Garden Weasel Garden Claw


----------



## kim_angel

Found out what it is...

Its called Bitter Dock (Rumex obtusifolius).

Rumex obtusifolius - Wikipedia, the free encyclopedia

"Broadleaf dock is considered a weed and is slightly poisonous. It is designated an "injurious weed". Livestock have been known to get sick after feeding on it. *But eradicating the plants is difficult.* The perennial plant can have a *deep taproot reaching 5 feet down*. Also, the milk of the plant has been known to cause mild dermatitis.

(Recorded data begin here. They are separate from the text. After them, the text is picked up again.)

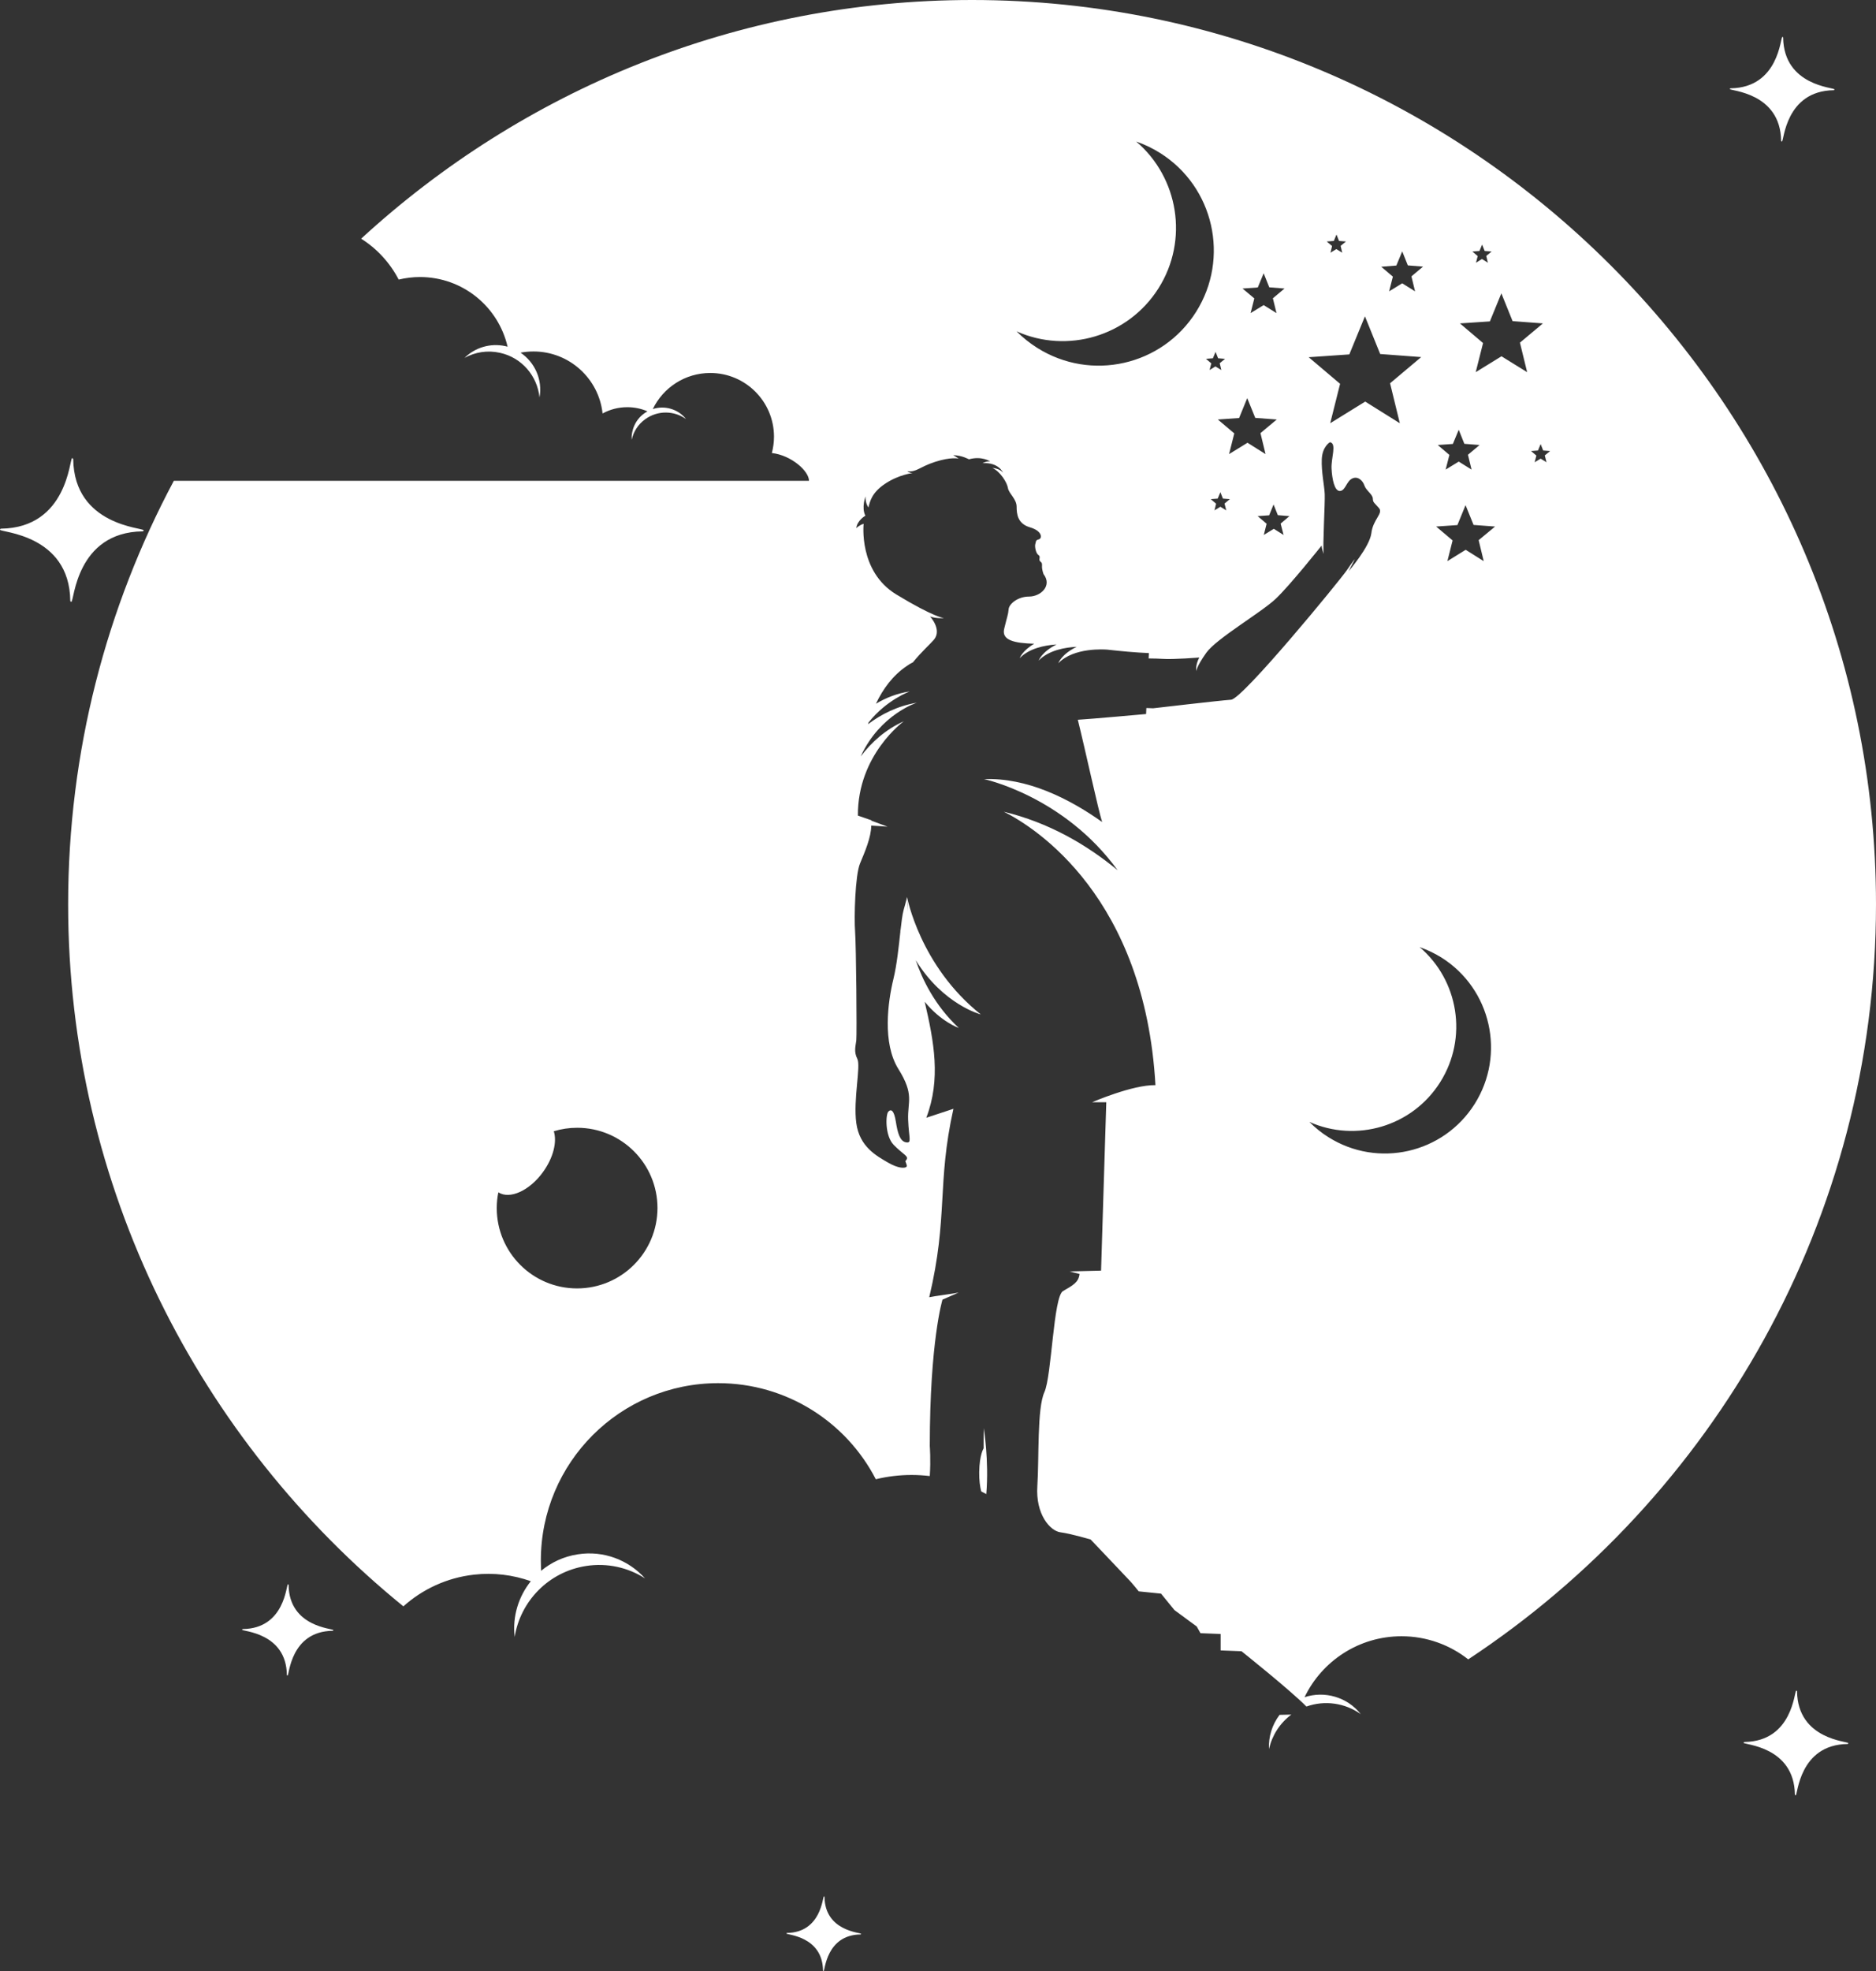 <?xml version="1.0" encoding="utf-8"?>
<!-- Generator: Adobe Illustrator 24.1.2, SVG Export Plug-In . SVG Version: 6.00 Build 0)  -->
<svg version="1.1" id="Capa_1" xmlns="http://www.w3.org/2000/svg" xmlns:xlink="http://www.w3.org/1999/xlink" x="0px" y="0px"
	 viewBox="0 0 1404.1 1474.9" style="enable-background:new 0 0 1404.1 1474.9;" xml:space="preserve">
<rect x="0" y="0" width="1404.1" height="1474.9" fill="#333333" stroke="none"/>
<style type="text/css">
	.st0{fill-rule:evenodd;clip-rule:evenodd;fill:#FFFFFF;}
</style>
<g>
	<path class="st0" d="M1334.6,28.1c0.5,36.3,38.4,37.3,38.4,38.8c0,0.3-0.2,0.6-0.5,0.6c-36.3,0.5-37.3,38.4-38.8,38.4
		c-0.3,0-0.6-0.2-0.6-0.5c-0.5-36.3-38.4-37.3-38.4-38.8c0-0.3,0.2-0.5,0.5-0.5c36.3-0.5,37.3-38.4,38.8-38.4
		C1334.4,27.6,1334.6,27.8,1334.6,28.1z"/>
	<g>
		<path class="st0" d="M957.7,1283.2c-5.6,7.4-8.4,16.5-7.9,25.6c2.2-10,7.9-19.2,16.7-25.8C963.9,1283.1,960.9,1283.1,957.7,1283.2
			z"/>
		<path class="st0" d="M736.3,1068.7c-0.1,5-0.1,10-0.1,15.1c0,0-3.1,4.6-3.3,17.7c-0.1,6.1,0.6,11,1.5,14.5c1.3,0.7,2.6,1.3,3.8,2
			C740.3,1092.6,736.3,1068.7,736.3,1068.7z"/>
		<path class="st0" d="M672.8,694.3C671.9,692.4,672,692.7,672.8,694.3L672.8,694.3z"/>
		<path class="st0" d="M54.8,343.6c0.7,49.9,52.7,51.2,52.7,53.2c0,0.4-0.3,0.8-0.8,0.8c-49.9,0.7-51.2,52.7-53.3,52.7
			c-0.4,0-0.8-0.3-0.8-0.8C52,399.7,0,398.4,0,396.4c0-0.4,0.3-0.8,0.8-0.8c49.9-0.7,51.2-52.8,53.2-52.8
			C54.4,342.9,54.7,343.2,54.8,343.6z"/>
		<path class="st0" d="M305.9,564.1c-3.9-2.5-8.1-4.4-12.3-5.9c21.7,18.4,27.1,50.6,11.5,75.4c-15.6,24.8-46.9,33.8-73,22.1
			c3.1,3.2,6.7,6,10.6,8.5c27.6,17.4,64.2,9.2,81.6-18.5C341.8,618.1,333.5,581.5,305.9,564.1z"/>
		<path class="st0" d="M896.9,1067.3c23.9,15,31,46.6,16,70.5c-15,23.9-46.6,31-70.5,16c-3.4-2.1-6.5-4.6-9.2-7.4
			c22.5,10,49.5,2.3,63-19.1c13.5-21.4,8.8-49.1-9.9-65.1C890,1063.4,893.5,1065.1,896.9,1067.3z"/>
		<path class="st0" d="M727.5,0c-176,0-336.6,67.8-457.2,178.6c11.9,7.5,21.6,18.1,28.1,30.6c5.1-1.2,10.4-1.9,15.9-1.9
			c32,0,58.7,22.2,65.6,52.1c-0.6-0.1-1.1-0.3-1.7-0.4c-11.4-2.5-22.8,1.2-30.5,8.8c7.8-4.3,17.1-5.9,26.5-3.8
			c16.5,3.6,28,17.5,29.6,33.4c2.4-13.3-3.5-26.3-14.2-33.5c3.1-0.6,6.4-0.9,9.7-0.9c26.8,0,48.9,20.3,51.7,46.4
			c5.5-3,11.8-4.7,18.5-4.7c5.4,0,10.5,1.1,15.1,3.1c-0.9,0.5-1.7,1-2.5,1.6c-6.5,4.7-9.7,12.3-9.3,19.7c1.3-6,4.7-11.5,10.1-15.4
			c9.4-6.8,21.7-6.5,30.6-0.1c-6-7.6-16.1-10.4-24.9-7.5c7.7-16,24.1-27,43-27c26.4,0,47.7,21.4,47.7,47.7c0,4.2-0.6,8.3-1.6,12.2
			c14.4,1.6,27.8,13.4,27.8,20.8H148.6h-18.5c-50.5,94.6-79.1,202.5-79.1,316.9c0,211.6,98,401,250.9,525.3
			c14.2-12.7,32.4-21.4,52.8-23.7c14.9-1.7,29.4,0.2,42.6,4.9c-9.1,11.3-13.9,26.2-12.1,41.7c4.3-26.7,25.3-48.7,53.4-53.1
			c16-2.5,31.6,1.2,44.2,9.3c-12.3-13.7-31-21.1-50.5-18c-10.4,1.6-19.7,6-27.3,12.3c-0.1-2.6-0.2-5.1-0.2-7.7
			c0-73.3,59.4-132.7,132.7-132.7c51.4,0,96,29.2,118,71.9c8.6-2.1,17.6-3.2,26.8-3.2c4.6,0,9.2,0.3,13.6,0.8
			c0.8-12.3,0-22.4,0-22.4c0-78.6,9.5-109.6,9.5-109.6c4.1-1.8,8.1-3.5,12.1-5.3c-4.1,0.9-17.9,2.6-22,3.5
			c14.3-60.3,5.6-84.8,18.1-141c-8.8,2.9-11.5,3.8-20.3,6.7c11-28.9,5.8-56.7-1.2-86.8c12.3,15.1,25.5,19.6,25.5,19.6
			c-18-16.8-27.4-36.5-32.2-50.7c20.5,33.3,48.7,40.6,48.7,40.6c-45.6-36.3-55.2-87.9-55.2-87.9c0.2,3.7,0.4,7.4,0.5,11.1
			c-0.3-3.6-0.5-7.3-0.5-11.1c-1,4.1-1.9,7.5-2.6,9.8c-0.9,3.2-1.6,9-2.4,15.9c-0.5-1-0.9-1.8-1.3-2.4c0.3,0.6,0.7,1.4,1.3,2.5
			c-1.2,11-2.6,24.8-5.2,35.5c-4.2,17.3-8.4,48,3.7,67.4c12.1,19.4,6.8,24.1,7.3,38c0.5,13.9,3,17.7-1.6,16.9s-6.3-7.2-7.6-15.5
			c-1.3-8.3-3.5-9.7-5.6-7.5c-2.1,2.2-2.6,18,3.9,24.8c6.6,6.8,10.8,8.3,10,10.5c-0.8,2.2-1.7,0.8-0.7,3.1c1,2.4,0.7,2.9-0.3,3.3
			c-0.9,0.4-5,1.2-13.4-3.7c-8.4-4.9-21.1-11.7-23.5-29.4c-2.4-17.7,3.5-42.5,0.8-48c-2.8-5.5-1.3-9.6-0.8-13.9
			c0.5-4.3-0.1-70.5-0.9-81.3c-0.8-10.8,0-42.2,3.7-51.1c3.6-8.6,8.3-19.5,8.4-28.3c4.1,0.2,8.1,0.5,12.2,0.8c-4-1.5-8-3-12.1-4.5
			c0-0.1,0-0.2,0-0.3c-3.4-1.2-6.7-2.3-10.1-3.5c-0.3-45.6,34.4-70.6,34.4-70.6c-13.8,6.2-24.3,15.8-32.2,26.2l0-0.1
			c14.5-31.4,42-40,42-40c-14.7,2.5-26.8,8.7-36.6,16.1c0.1-0.4,0.3-0.9,0.4-1.3c13.5-17,30.8-23.2,30.8-23.2
			c-9.5,1.4-17.9,4.8-25.3,9.2c5.3-11.2,12.7-21.2,22.9-28.1c1.5-1.1,3.1-2.1,4.8-2.9c6.2-7.7,13-13.7,15.7-16.9
			c6.3-7.6-2.9-17.4-2.9-17.4c5.1,1.8,10.4,1.2,10.4,1.2s-7.2-0.4-35.7-17.7c-28.4-17.3-24.4-52.8-24.4-52.8
			c-2.8,0.6-5.5,3.2-5.5,3.2c0.7-5.9,6.8-9.3,6.8-9.3c-3.1-6.1,0.1-14.4,0.1-14.4c-0.2,5.3,2.2,8.2,2.2,8.2
			c1.1-4.3,2.4-11.1,12.6-17.8c10.2-6.8,20.4-7.9,20.4-7.9c-2.7-0.2-3.9-1.4-3.9-1.4c6.9,0.9,8.8-3.1,20.8-7
			c12.1-3.9,17.6-2.4,17.6-2.4c-1.1-0.9-4.1-2.6-4.1-2.6c6.6,0.1,11.8,3.1,11.8,3.1c9.7-2.7,15.9,1.6,15.9,1.6
			c-2.5-0.4-5.7,1.3-5.7,1.3c12-0.8,15.3,7,15.3,7c-2.9-3.3-7.9-3.4-7.9-3.4c5.8,2.6,11,10.9,11.6,15c0.6,4,6.5,8.2,6.5,13.9
			c0,5.7,0.8,12.8,10,15.5c9.3,2.7,9.3,8.3,6.6,9c-2.7,0.7-2,1.8-2.6,3.5c-0.6,1.7,0.4,7,2.3,8.2c1.9,1.2,0.2,3.1,1,4.3
			c0.8,1.3,1.9,0.9,1.7,3.8c-0.2,2.9,1.2,6.3,1.2,6.3c6.6,8.6-2.2,16.7-10.9,16.7c-8.6,0-15.1,5.7-15.3,9.6
			c-0.3,3.9-1.1,5.3-3.3,14.5c-2.1,8.5,7.3,10.8,22.5,11.2c-9,5.2-10.9,10.8-10.9,10.8c7.1-7.4,18.7-9.6,26.9-10.2l0.6,0
			c-11,5.5-13.3,12-13.3,12c7.6-7.9,20.2-9.9,28.5-10.3c-11.5,5.5-13.8,12.3-13.8,12.3c11.6-12.1,35-10.3,36.4-10.2l0.1,0h0
			c10.8,1.2,21.5,2.2,31.3,2.6l-0.2,4c4.4,0,8,0.2,10.2,0.3c8.5,0.6,27.7-1,27.7-1c-3.1,5.9-2.2,10.2-2.2,10.2s-0.1-3.1,7.5-13.8
			c7.7-10.7,41-30,51.9-40.3c10.9-10.3,34.4-39.9,34.4-39.9c0,2.4,1.5,6.3,1.5,6.3c-0.8-6.4,1.1-38.2,0.8-44.8
			c-0.3-6.6-2.6-16.6-2.2-26.1c0.4-9.5,6.1-12.7,6.1-12.7c5.3,0.9,0.8,11.8,1.2,19.7c0.4,7.9,2.2,17,6.3,16.8
			c4.1-0.2,4.8-7.2,9.1-9.3c4.2-2.1,8,1.5,9.2,5.2c1.2,3.7,6.2,6.6,6.3,9.8c0.1,3.1,1.2,3.1,4.6,7.1c3.4,4-4.5,8.4-5.7,18.8
			c-1.3,10.3-17,28.4-17,28.4c1.5-3,3.1-6,4.6-8.9c0,0-0.6,0.3-5.9,8.1c-5.3,7.8-78.1,96.5-86.7,97c-8.6,0.6-58.3,6.4-58.3,6.4
			l-5.1-0.2l-0.2,4.5c0,0-40.9,3.7-51.1,4.3c5.4,21.7,15.4,67.9,18.2,76.5c-25.2-17.9-56.5-33.3-88.4-32.1c0,0,59.7,12.6,100,68.2
			c-23.6-19.5-51.8-35.7-85.2-43.8c24.3,12.1,105.5,64.3,113.5,204.6c-17.3-0.3-47.4,12.8-47.4,12.8c3.5,0,7.1,0,10.6,0
			c-1.3,42-2.6,84-3.9,126c-7.9,0.2-15.7,0.4-23.6,0.6c2.5,0.6,5,1.3,7.5,1.9c-0.7,6.4-5.2,8.6-12.4,12.8
			c-7.2,4.2-8.4,63.3-13.9,75.6c-5.6,12.3-3.9,49.1-5.3,70.3c-1.4,21.2,9.6,33.6,17.3,34.6c7.7,1,22.6,5.4,22.6,5.4
			c3.2,3.4,6.5,6.9,9.8,10.3c6.7,7.1,13.4,14.1,20.1,21.2c2.1,2.4,4.1,4.8,6.1,7.3c5.6,0.6,11.2,1.1,16.7,1.7
			c3.3,4.1,6.7,8.2,10,12.3c5.6,4.1,11.2,8.2,16.7,12.3c0.9,1.7,1.9,3.4,2.8,5c5,0.2,10,0.4,15.1,0.6c0,4.1,0,8.2,0,12.3
			c5.2,0.2,10.4,0.4,15.6,0.6c0,0,36.5,29.1,48.6,41.4c13.7-4.9,28.9-2.7,40.7,5.7c-10.2-12.9-27.1-17.6-42.1-12.7
			c13-27,40.6-45.6,72.6-45.6c18.8,0,36.2,6.5,49.9,17.3c183.6-121.2,305.2-329.4,305.2-565C1404.1,303.9,1100.1,0,727.5,0z
			 M431.9,964.1c-33.2,0-60.1-26.9-60.1-60.1c0-4.1,0.4-8,1.2-11.8c8.5,5.5,23.4-1.2,33.5-15.3c7.7-10.7,10.5-22.5,8-30.4
			c5.5-1.7,11.4-2.6,17.5-2.6c33.2,0,60.1,26.9,60.1,60.1C492,937.2,465.1,964.1,431.9,964.1z M1107.3,187.8l2-4.8l1.9,4.8l5.2,0.4
			l-4,3.3l1.2,5.1l-4.4-2.8l-4.5,2.8l1.3-5l-4-3.4L1107.3,187.8z M1087.4,332.2l4.4-10.6l4.2,10.5l11.4,0.9l-8.7,7.3l2.7,11.1
			l-9.6-6l-9.8,6l2.8-11l-8.7-7.4L1087.4,332.2z M1045.1,198.7l4.4-10.6l4.2,10.5l11.4,0.9l-8.7,7.3l2.7,11.2l-9.6-6l-9.8,6l2.8-11
			l-8.7-7.4L1045.1,198.7z M998.3,180.3l2-4.8l1.9,4.8l5.2,0.4l-4,3.3l1.2,5.1l-4.4-2.7l-4.4,2.7l1.2-5l-4-3.4L998.3,180.3z
			 M941.4,215.1l4.4-10.6L950,215l11.4,0.9l-8.7,7.3l2.7,11.1l-9.6-6l-9.8,6l2.8-11l-8.8-7.4L941.4,215.1z M895.2,233.4
			c-25.4,40.3-78.6,52.3-118.9,26.9c-5.7-3.6-10.9-7.8-15.5-12.4c37.9,17,83.5,3.9,106.3-32.2c22.8-36.1,14.9-82.9-16.7-109.8
			c6.1,2.1,12.2,5,17.9,8.6C908.5,139.8,920.6,193.1,895.2,233.4z M905.3,276.9l1.3-5l-4-3.4l5.2-0.4l2-4.8l1.9,4.8l5.2,0.4l-4,3.3
			l1.2,5.1l-4.4-2.7L905.3,276.9z M917.8,381.9l-4.4-2.7l-4.4,2.7l1.2-5l-4-3.4l5.2-0.4l2-4.8l1.9,4.8l5.2,0.4l-4,3.3L917.8,381.9z
			 M919.9,339.8l3.9-15.5l-12.3-10.4l15.9-1.1l6.1-14.9l6,14.8l16.1,1.2l-12.2,10.2l3.8,15.7l-13.5-8.5L919.9,339.8z M960.7,400.3
			l-7.3-4.6l-7.5,4.6l2.1-8.4l-6.7-5.7l8.6-0.6l3.3-8.1l3.2,8l8.7,0.7l-6.6,5.6L960.7,400.3z M1021.8,300.5l-26.2,16.2l7.4-29.5
			l-23.5-19.9l30.4-2.1l11.7-28.5l11.4,28.2l30.7,2.3l-23.3,19.6l7.3,29.9L1021.8,300.5z M1103.7,826.1
			c-23.4,37.1-72.4,48.2-109.5,24.8c-5.3-3.3-10-7.2-14.2-11.4c34.9,15.6,76.9,3.6,97.9-29.7c21-33.3,13.7-76.4-15.4-101.1
			c5.7,2,11.2,4.6,16.5,7.9C1116,740,1127.1,789,1103.7,826.1z M1106.7,404.2l3.8,15.7l-13.5-8.5l-13.7,8.5l3.9-15.5l-12.3-10.4
			l15.9-1.1l6.1-14.9l6,14.8l16.1,1.2L1106.7,404.2z M1123.8,266.6l-19.3,11.9l5.5-21.8l-17.3-14.7l22.4-1.5l8.6-21l8.4,20.8
			l22.7,1.7l-17.2,14.4l5.4,22.1L1123.8,266.6z M1157.5,345.9l-4.4-2.7l-4.5,2.7l1.3-5l-4-3.4l5.2-0.4l2-4.8l1.9,4.8l5.2,0.4l-4,3.3
			L1157.5,345.9z"/>
		<path class="st0" d="M1345,1265.6c0.5,36.3,38.4,37.3,38.4,38.8c0,0.3-0.3,0.5-0.6,0.6c-36.3,0.5-37.3,38.4-38.8,38.4
			c-0.3,0-0.5-0.3-0.6-0.5c-0.5-36.3-38.4-37.3-38.4-38.8c0-0.3,0.3-0.5,0.6-0.6c36.3-0.5,37.3-38.4,38.8-38.4
			C1344.8,1265.1,1345,1265.3,1345,1265.6z"/>
		<path class="st0" d="M617.1,1419.4c0.3,25.9,27.4,26.6,27.4,27.7c0,0.2-0.2,0.4-0.4,0.4c-25.9,0.4-26.6,27.4-27.7,27.4
			c-0.2,0-0.4-0.2-0.4-0.4c-0.4-25.9-27.4-26.6-27.4-27.7c0-0.2,0.2-0.4,0.4-0.4c25.9-0.4,26.6-27.4,27.7-27.4
			C616.9,1419,617.1,1419.2,617.1,1419.4z"/>
		<path class="st0" d="M216,1186c0.4,31.7,33.5,32.5,33.5,33.8c0,0.3-0.2,0.5-0.5,0.5c-31.7,0.4-32.5,33.5-33.8,33.5
			c-0.3,0-0.5-0.2-0.5-0.5c-0.4-31.7-33.5-32.5-33.5-33.8c0-0.3,0.2-0.5,0.5-0.5c31.7-0.4,32.5-33.5,33.8-33.5
			C215.8,1185.5,216,1185.8,216,1186z"/>
		<path class="st0" d="M544.7,228.7c0.3,23.1,24.4,23.7,24.4,24.7c0,0.2-0.2,0.3-0.4,0.3c-23.1,0.3-23.7,24.4-24.7,24.4
			c-0.2,0-0.4-0.2-0.4-0.3c-0.3-23.1-24.4-23.7-24.4-24.7c0-0.2,0.2-0.3,0.3-0.4c23.1-0.3,23.7-24.4,24.7-24.4
			C544.5,228.3,544.6,228.5,544.7,228.7z"/>
	</g>
</g>
</svg>

Seeds have toothed wing structures, allowing them to be dispersed by wind or water, and also allow them to attach to animals or machinery to be spread great distances. They can lie dormant for years before germination, making vigilant pulling or tilling essential.

First year plants can seed, making early detection important for eradication.

The main weaknesses of Broadleaf are its poor competition, crowding causes flowering to be delayed for up to three years, and its susceptibility to disturbance. Frequent tilling will disrupt roots and kill seedlings and even older plants. The plant also thrives in moist environments and improved drainage can also help control its growth."


http://missouriplants.com/Greenalt/R...lius_plant.jpg


----------



## EQ1

that is pigweed. Do not know scientific name off top of head. It is poisonous although they will not eat it. It is perenial and spreads prolifically by seed. Mowing won't stop it as it will go to seed when only and inch or two high. 

I have had luck spraying it with weed-b-gone. Most suscessful if spray it in spring. It will need repeated sprayings but you can get ahead of it. New leaves will come up so you may need to spray it a few times. Good luck!


----------



## glitterhorse

I have those in my pasture too! it's very annoying. Idk what we spray it with though, my parents usually do it


----------